→ TASK PROMPT: The answer is the set of lines that include "height", copied from the data below.

Collected data
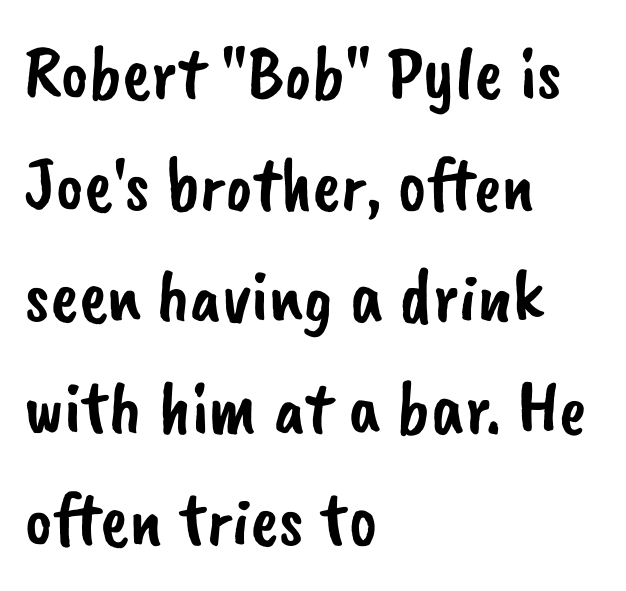
The image shows 76 px sans-serif type; set left-aligned, normal line spacing (1.47x), normal letter spacing, not underlined; low stroke contrast and a small x-height.
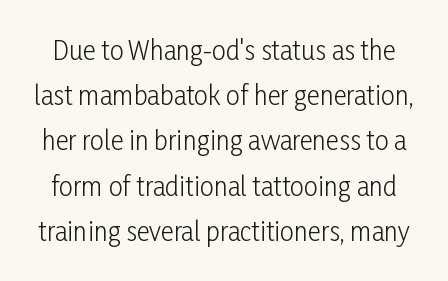
Q: Is the text bold? A: No.
Q: Is the text italic (slanted)? A: No, it is upright.
Q: Is the text underlined? A: No.
Q: Is the spacing between letters normal or unusually wide? A: Normal.
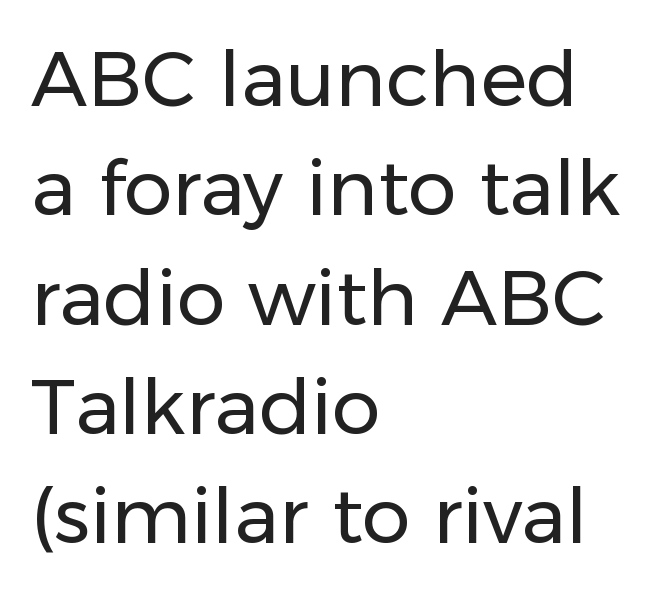
Q: Is the text bold? A: No.
Q: Is the text italic (slanted)? A: No, it is upright.
Q: Is the typeface a serif or a sans-serif typeface? A: Sans-serif.
Q: Is the text underlined? A: No.
Q: How is the paragraph aligned? A: Left-aligned.
Q: Is the spacing between letters normal or unusually wide? A: Normal.
Q: Is the spacing between lines tight, normal or loose? A: Normal.
Q: Width (condensed, normal, or wide)? A: Normal.
Q: Stroke contrast? A: Low.
Q: x-height? A: Medium.
Q: Monospaced? A: No.
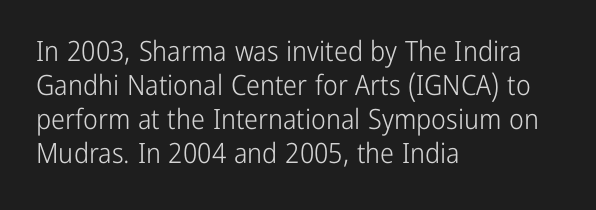
Counters stay open thanks to moderate or lighter strokes. Rendered with straight, roman letterforms. Type without underlining. One-word summary of the alignment: left. The passage shown is typed in a proportional face where columns would drift. Serifs: no, the terminals of the letterforms are clean.
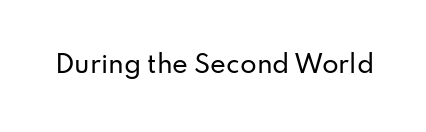
{"italic": "no", "underline": "no", "letter_spacing": "normal", "letter_spacing_em": 0.0, "glyph_px": 24}
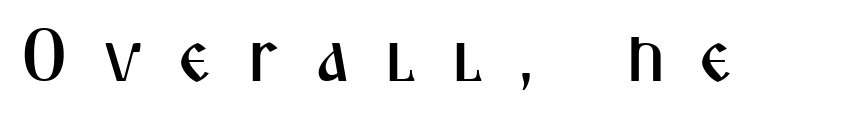
The glyphs in this specimen are sans serif. Honestly, the letter spacing is so wide it's the main thing you notice. Just letters on the line, the space beneath them empty. Is this a fixed-width face? No — the glyphs have proportional, varying widths.

→ TASK OUTPUT:
The image shows 76 px sans-serif type; set left-aligned, normal line spacing (1.47x), normal letter spacing, not underlined; low stroke contrast and a small x-height.
Q: x-height? A: Medium.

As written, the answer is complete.